How do I calculate van der Waals constants with 2 unknowns (a and b)?

[Saado]

How would I go about calculating the units for the van der waals constants if I have 2 unknowns? (a and b)
(P + a (n/V)^2) (V - n b) = n R T

p=Pressure
v=Volume
n=moles
R=gas constant
T=temperature

 

[DrClaude]

How would I go about calculating the units for the van der waals constants if I have 2 unknowns? (a and b)
(P + a (n/V)^2) (V - n b) = n R T

p=Pressure
v=Volume
n=moles
R=gas constant
T=temperature

Units have to be consistent: if you add/substract quantities with units, they must have the same units.

 

[Saado]

Yeah I know that. How would I go about getting the units of a and b from the units above? It seems to me that when I try to re-arrange, I'll always have 2 unknowns (a and b) so I can't work out the individual units for those constants

 

[DrClaude]

Yeah I know that. How would I go about getting the units of a and b from the units above? It seems to me that when I try to re-arrange, I'll always have 2 unknowns (a and b) so I can't work out the individual units for those constants

I don't see how you get that. Take $b$ for instance. It has units such that $nb$ and $V$ have the same units. The common notation for this is
$$
[n] [ b ] = [V]
$$
Can you use that to figurs the units of $b$?

 

[Saado]

Would that not simply be the units for volume? meter cubed per mol?

Could you take me through the steps of why that is the case using algebra? It isn't intuitive to me at the moment.

 

[DrClaude]

Would that not simply be the units for volume? meter cubed per mol?

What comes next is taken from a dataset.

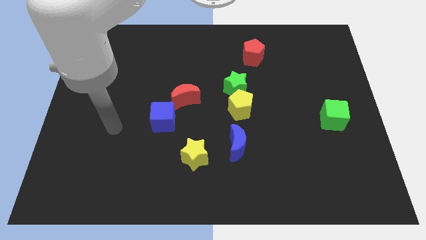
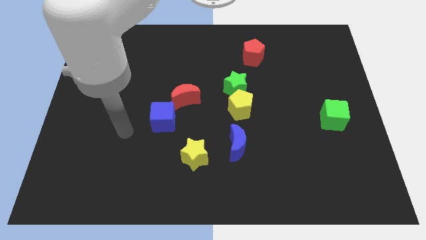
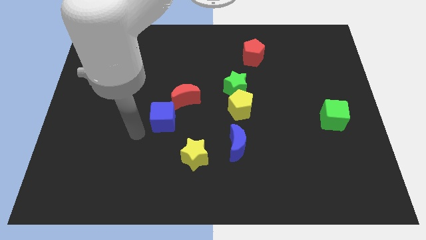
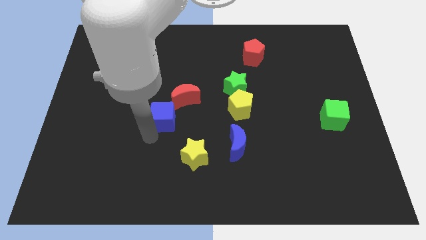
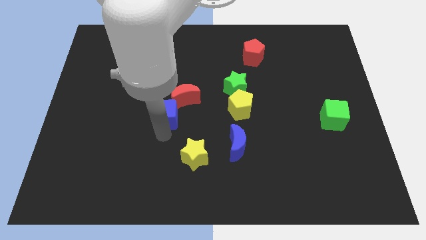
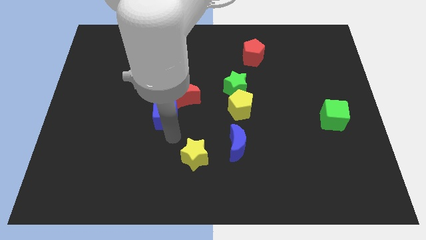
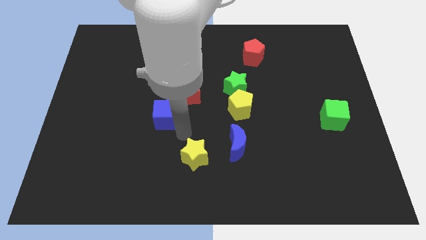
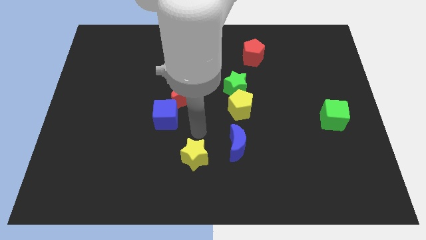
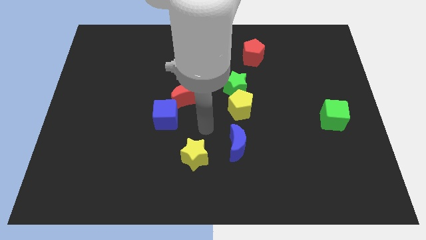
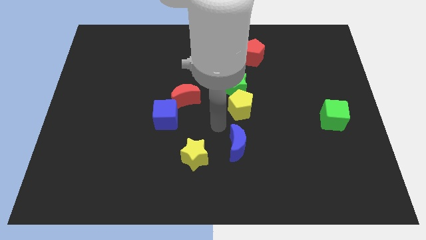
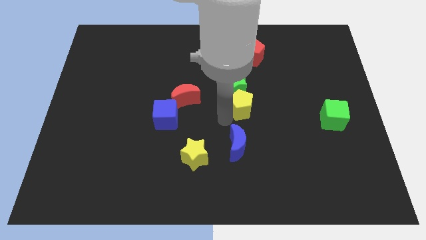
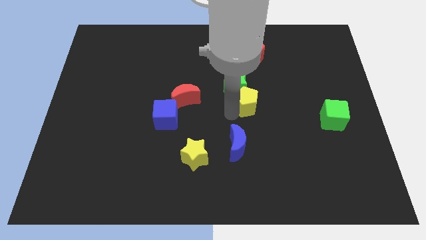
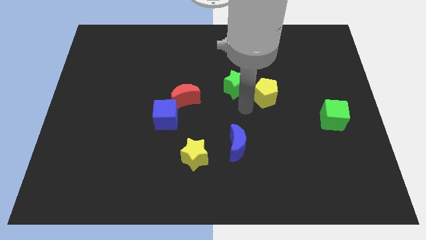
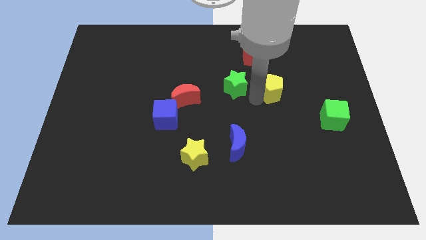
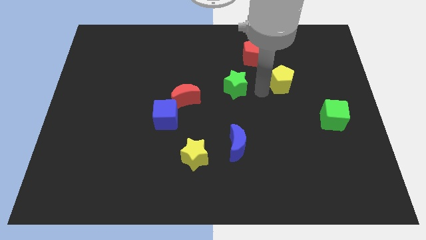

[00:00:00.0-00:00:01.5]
move the green star away from the yellow pentagon

Could you take me through the steps of why that is the case using algebra? It isn't intuitive to me at the moment.

In SI units, volume is expressed in cubic meters. So you have
\begin{align}
[V] &=\textrm{m}^3 \\
[n] &= \textrm{mol}
\end{align}
Therefore
$$
[ b ] = \frac{[V]}{[n]} = \textrm{m}^3 \textrm{mol}^{-1}
$$
That way, you have that $n b$ will have units of volume (m³ in this case), so that you can indeed calculate $V - n b$ and recover something with the units of a volume.

You now need to figure out the units of $a$ to recover a pressure (Pa = N m^-2 = kg m^-1 s^-2 in SI units).

 

[Saado]

Right, I understood that much. Maybe I should have expressed my query better.
As a test of algebra, I was given the above equation: (P + a (n/V)^2) (V - n b) = n R T

With absolutely no context and told that a and b are constants.
I recognized the other terms from eqns like PV=nRT and pv=1/3 nmv^2
How would I get from (P + a (n/V)^2) (V - n b) = n R T to B=V/n? I don't see how you could deduce with algebra how you are supposed to isolate the terms a and b when you know neither of their units.

 

[DrClaude]

How would I get from (P + a (n/V)^2) (V - n b) = n R T to B=V/n?

I guess you mean here $[ b ] = [V] / [n]$? (The brakets around b are causing problems since it also means bold.) This comes simply from the fact that you have the term $(V - n b)$. The only way for this to make sense is if both $V$ and $nb$ have the same units. An expression like $3 \mathrm{m} - 10 \mathrm{s}^{-1}$ is completely meaningless. You therefore set $[V] = [n][ b ]$ and find out the units for $b$.

I don't see how you could deduce with algebra how you are supposed to isolate the terms a and b when you know neither of their units.

I'm not sure what you are asking here. To work with an equation like (P + a (n/V)²) (V - n b) = n R T requires no knowledge of the units of the different variables. It's only when you need to input numerical values that units are necessary.

 

[Saado]

THANK YOU! I don't know why I didn't think of that before. Yes, this makes perfect sense.